Seminar summary
This study provides the first empirical evidence of the relationship between corporate integrity culture and firm-level climate change exposure. Using insights from social norm theory and a sample of 31,187 firm-year observations from US public firms during the period 2001 to 2021, we conclude that corporate integrity culture is negatively associated with climate change exposure. Our evidence further indicates that this association is more pronounced for firms that experience high policy uncertainty and greater financially distress. Our main findings are robust to different endogeneity identifications, including firm-fixed effects, propensity score matching, additional control variables, and instrumental variable approach. Our channel analysis further suggests that a strong integrity culture mitigates corporate climate change exposure through a stronger internal control environment and higher environmental, social and governance (ESG) disclosures and engagements. Our additional analysis indicates that the sudden death of the chief executive officer results in a weakening corporate integrity culture, which eventually increases climate change exposure. Overall, we present novel evidence of how corporate integrity culture mitigates climate change risk and offer important implications for managers and policymakers.
How to attend this seminar
This seminar is free to attend with no need to register in advance.
We welcome you to join us online on Wednesday 15 May 2024 at 2pm.
Speaker bio
Dr Faizul Haque
Dr Faizul Haque is an Associate Professor and Head of Research in the Department of Accounting at Southampton Business school, University of Southampton.
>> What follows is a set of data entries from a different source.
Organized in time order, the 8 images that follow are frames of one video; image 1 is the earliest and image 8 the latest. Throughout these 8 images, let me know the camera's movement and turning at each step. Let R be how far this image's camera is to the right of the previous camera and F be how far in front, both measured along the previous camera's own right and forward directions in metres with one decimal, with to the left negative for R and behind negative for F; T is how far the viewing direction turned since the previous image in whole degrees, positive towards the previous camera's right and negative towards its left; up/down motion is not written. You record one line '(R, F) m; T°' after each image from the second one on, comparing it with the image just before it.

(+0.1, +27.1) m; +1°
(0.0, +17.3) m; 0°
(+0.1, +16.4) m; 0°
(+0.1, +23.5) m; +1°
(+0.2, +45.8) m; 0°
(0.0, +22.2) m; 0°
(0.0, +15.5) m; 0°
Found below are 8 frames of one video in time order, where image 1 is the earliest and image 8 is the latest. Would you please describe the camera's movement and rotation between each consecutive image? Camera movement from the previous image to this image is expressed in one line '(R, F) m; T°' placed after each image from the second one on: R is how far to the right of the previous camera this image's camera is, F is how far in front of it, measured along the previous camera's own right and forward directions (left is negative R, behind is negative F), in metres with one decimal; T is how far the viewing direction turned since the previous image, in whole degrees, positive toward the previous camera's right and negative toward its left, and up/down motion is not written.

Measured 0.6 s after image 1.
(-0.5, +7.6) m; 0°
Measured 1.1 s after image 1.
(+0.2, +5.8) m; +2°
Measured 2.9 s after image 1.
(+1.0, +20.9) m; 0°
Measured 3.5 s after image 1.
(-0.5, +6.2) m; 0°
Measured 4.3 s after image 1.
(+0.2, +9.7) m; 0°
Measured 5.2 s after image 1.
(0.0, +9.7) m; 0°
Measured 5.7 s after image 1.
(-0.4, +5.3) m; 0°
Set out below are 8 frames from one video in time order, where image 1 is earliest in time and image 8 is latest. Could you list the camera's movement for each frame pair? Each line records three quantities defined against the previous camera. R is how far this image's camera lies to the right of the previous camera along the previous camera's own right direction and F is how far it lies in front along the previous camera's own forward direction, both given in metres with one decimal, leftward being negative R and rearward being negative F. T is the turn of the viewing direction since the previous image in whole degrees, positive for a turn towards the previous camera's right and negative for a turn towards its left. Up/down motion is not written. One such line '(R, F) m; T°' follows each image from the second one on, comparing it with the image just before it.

He is also the Director of the Centre for Research in Accounting, Accountability and Governance (CRAAG).
Faizul has been featured in the prestigious Stanford University Ranking of top 2% global scientists in 2023. His research interests include, Carbon and biodiversity accounting, ESG disclosure and performance, corporate governance and business ethics, audit quality and auditor behaviour, earnings quality and management and implications of emerging technologies in accounting and sustainability. Faizul has presented his research at several international conferences in the UK, Italy and France, and published papers in top ranked international journals such as British Journal of Management (ABS 4), British Accounting Review (ABS 3*), Critical Perspectives on Accounting (ABS 3*), Business Strategy and the Environment (ABS 3*), International Review of Economics & Finance (ABDC A-ranked), Applied Economics (ABDC A-ranked).
Faizul’s research is cited widely by policymakers and practitioners. (e.g., European Commission, European Central Bank, and Bank for International Settlements). He has been collaborating with colleagues to engage in consultation with the policymakers and standard setting bodies such as the UK Department for Business, Energy and Industrial Strategy (BEIS), International Sustainability Standards Board (ISSB) and International Auditing and Assurance Standards Board (IAASB). Consequently, he submitted expert comments and scientific evidence on several proposed regulatory guidance and standards. These include, (i) ‘Mandatory climate-related financial disclosures by publicly quoted companies, large private companies and Limited Liability Partnerships (LLPs)’ to BEIS; (ii) ‘IFRS Sustainability Disclosure Taxonomy on IFRS S1 and S2’ to ISSB, and (iii) International Standard on Sustainability Assurance Engagements (ISSA) 5000 General Requirements’ to IAASB.